= Beginning of Section =
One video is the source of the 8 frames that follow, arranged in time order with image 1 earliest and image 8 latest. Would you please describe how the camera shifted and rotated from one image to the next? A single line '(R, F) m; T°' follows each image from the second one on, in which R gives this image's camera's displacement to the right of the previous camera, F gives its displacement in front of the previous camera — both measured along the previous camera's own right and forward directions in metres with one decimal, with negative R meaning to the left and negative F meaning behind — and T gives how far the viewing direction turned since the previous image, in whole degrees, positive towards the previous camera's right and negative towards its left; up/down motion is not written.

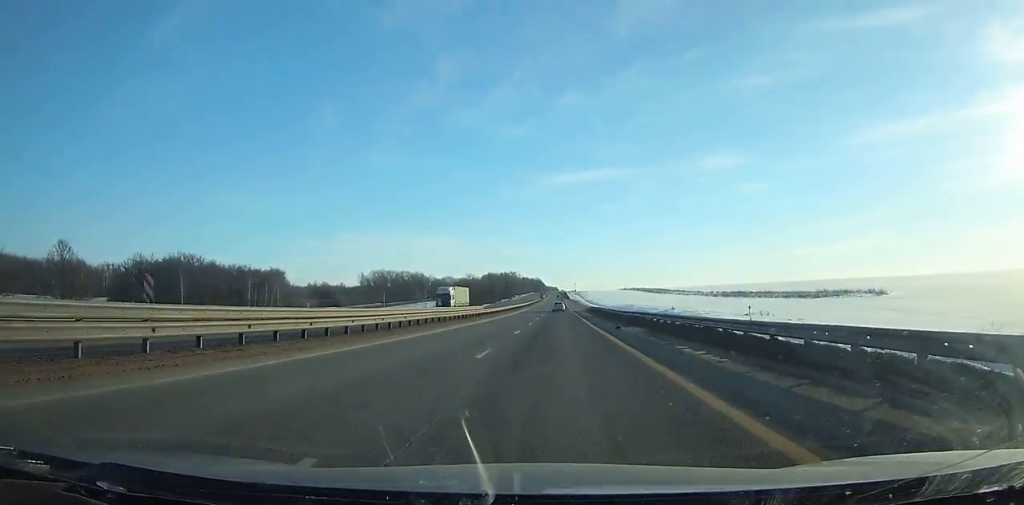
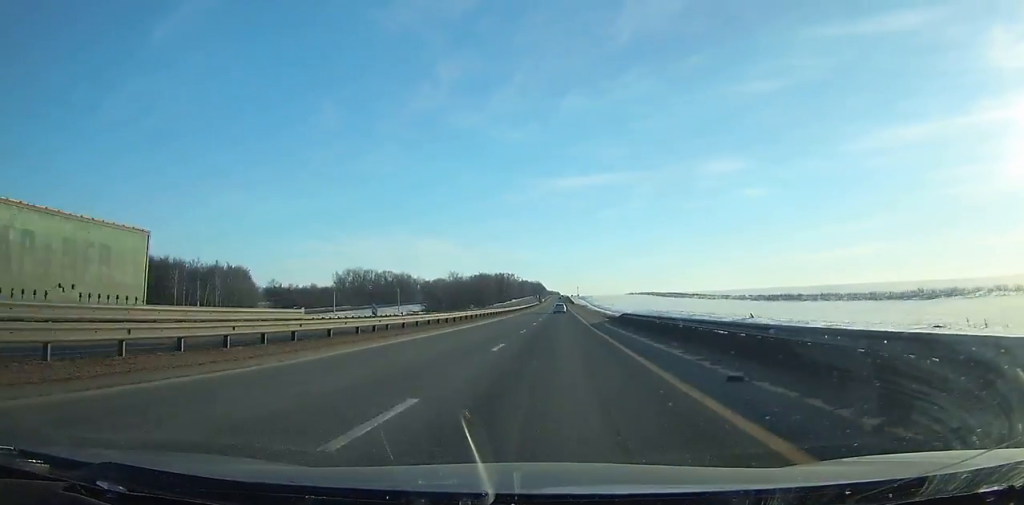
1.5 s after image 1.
(0.0, +44.7) m; 0°
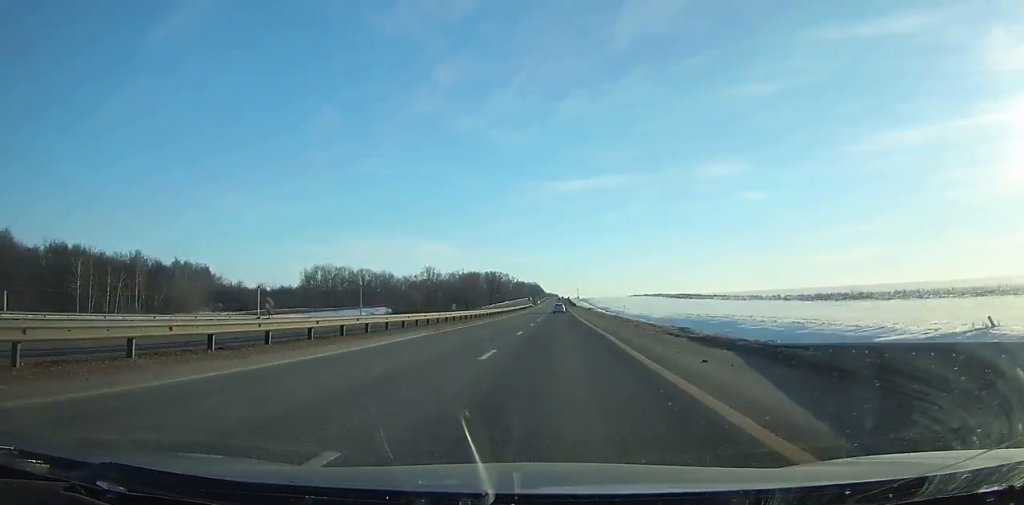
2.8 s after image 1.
(-0.1, +38.8) m; 0°
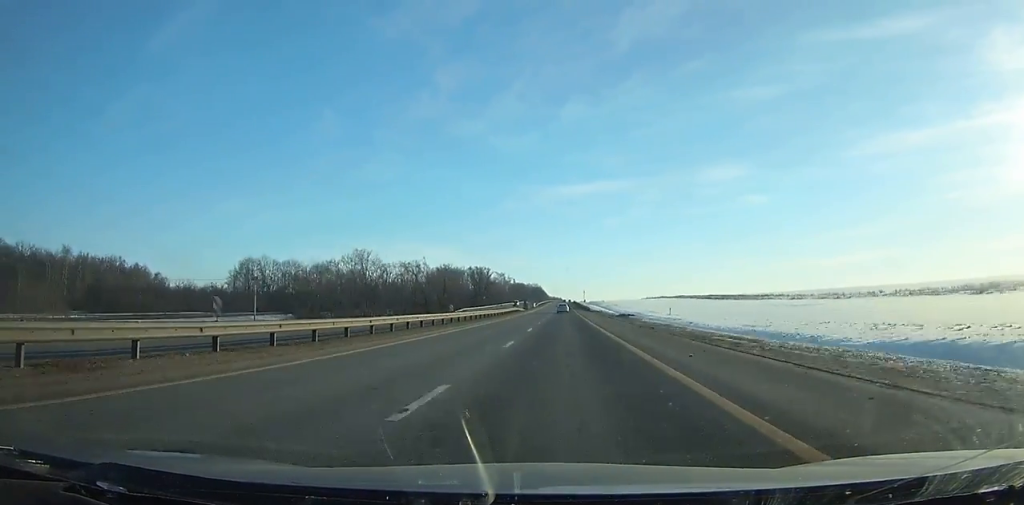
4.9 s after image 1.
(-0.1, +62.5) m; 0°
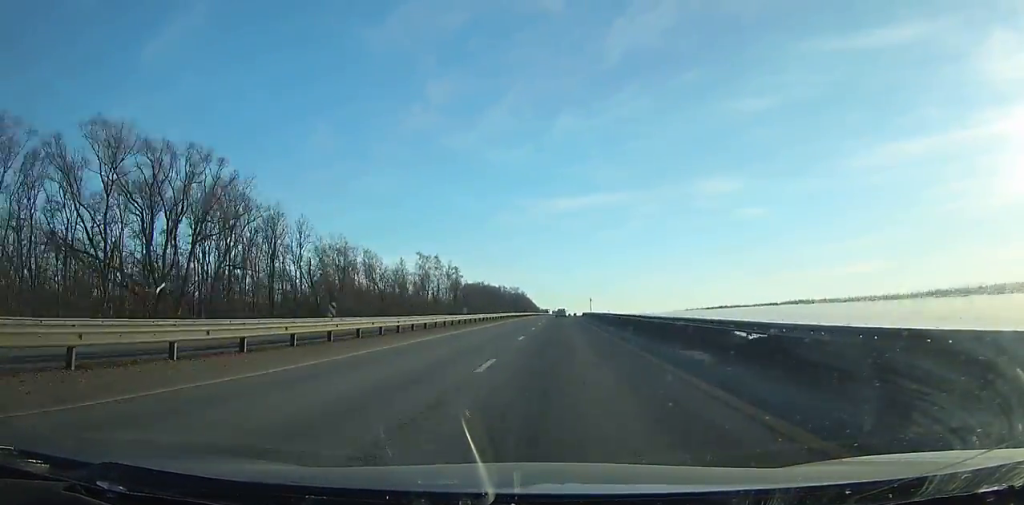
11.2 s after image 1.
(+0.2, +186.2) m; 0°
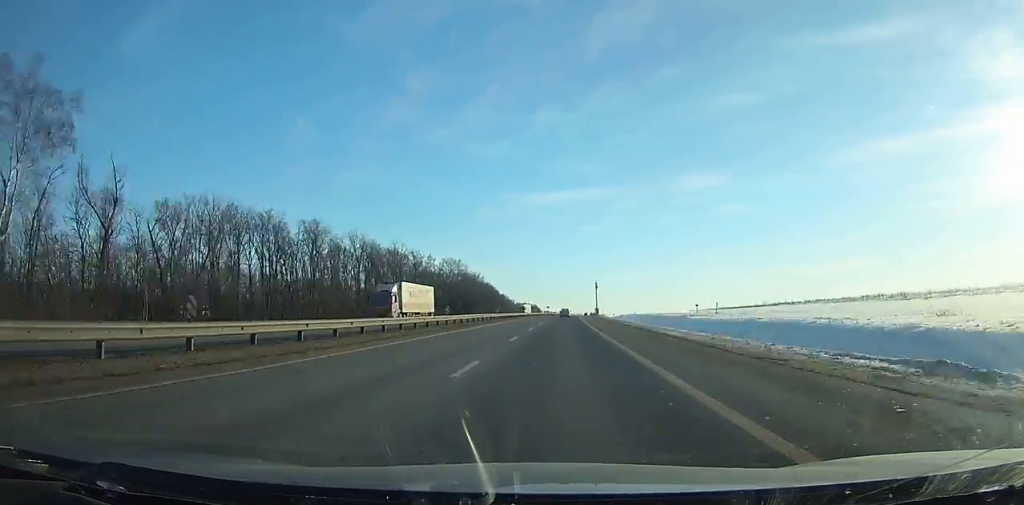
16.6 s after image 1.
(+1.7, +157.2) m; +2°
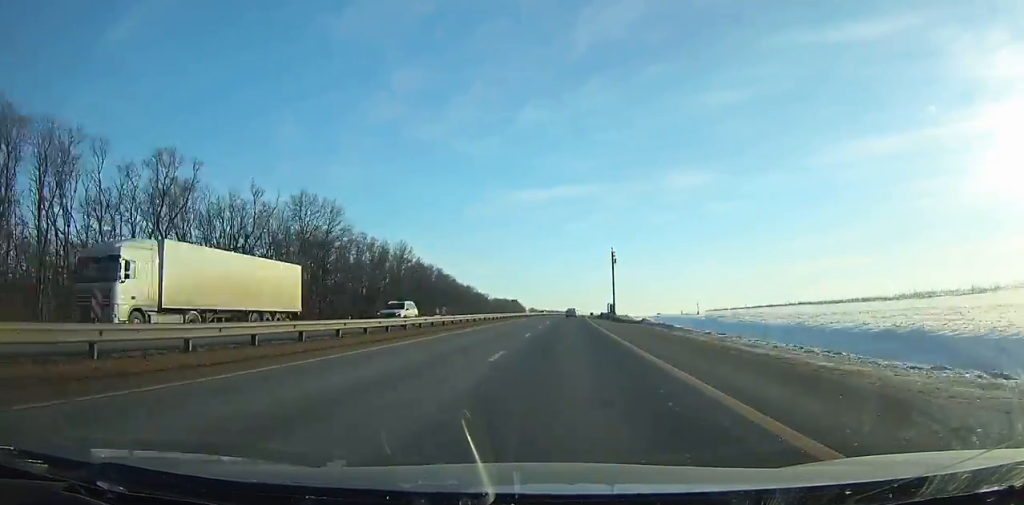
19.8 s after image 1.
(+1.6, +92.4) m; +2°
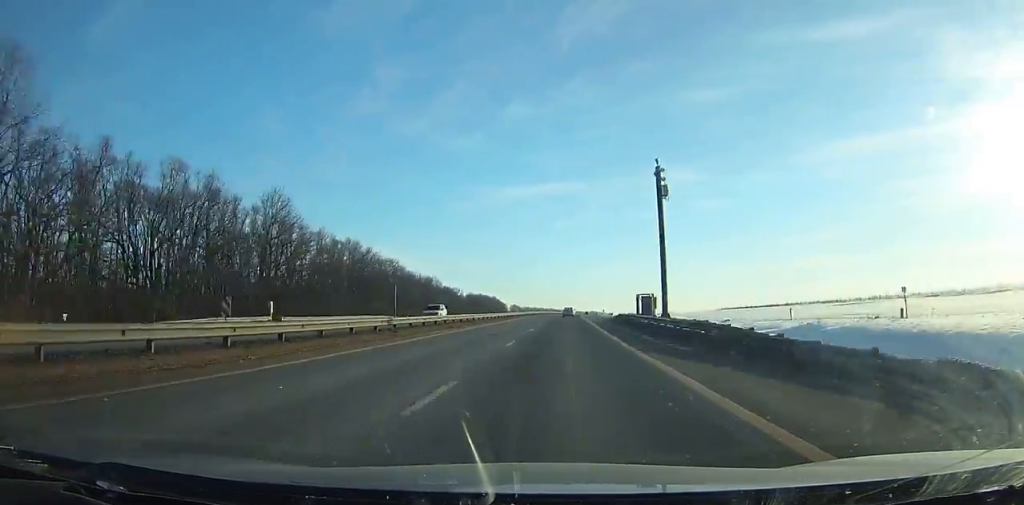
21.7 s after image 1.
(+0.2, +54.7) m; +1°
= End of Section =
◆ **Requirement**
What is needed is every record above printed exactly, with no pictures.

◆ **Your response**
One video is the source of the 8 frames that follow, arranged in time order with image 1 earliest and image 8 latest. Would you please describe how the camera shifted and rotated from one image to the next? A single line '(R, F) m; T°' follows each image from the second one on, in which R gives this image's camera's displacement to the right of the previous camera, F gives its displacement in front of the previous camera — both measured along the previous camera's own right and forward directions in metres with one decimal, with negative R meaning to the left and negative F meaning behind — and T gives how far the viewing direction turned since the previous image, in whole degrees, positive towards the previous camera's right and negative towards its left; up/down motion is not written.

1.5 s after image 1.
(0.0, +44.7) m; 0°
2.8 s after image 1.
(-0.1, +38.8) m; 0°
4.9 s after image 1.
(-0.1, +62.5) m; 0°
11.2 s after image 1.
(+0.2, +186.2) m; 0°
16.6 s after image 1.
(+1.7, +157.2) m; +2°
19.8 s after image 1.
(+1.6, +92.4) m; +2°
21.7 s after image 1.
(+0.2, +54.7) m; +1°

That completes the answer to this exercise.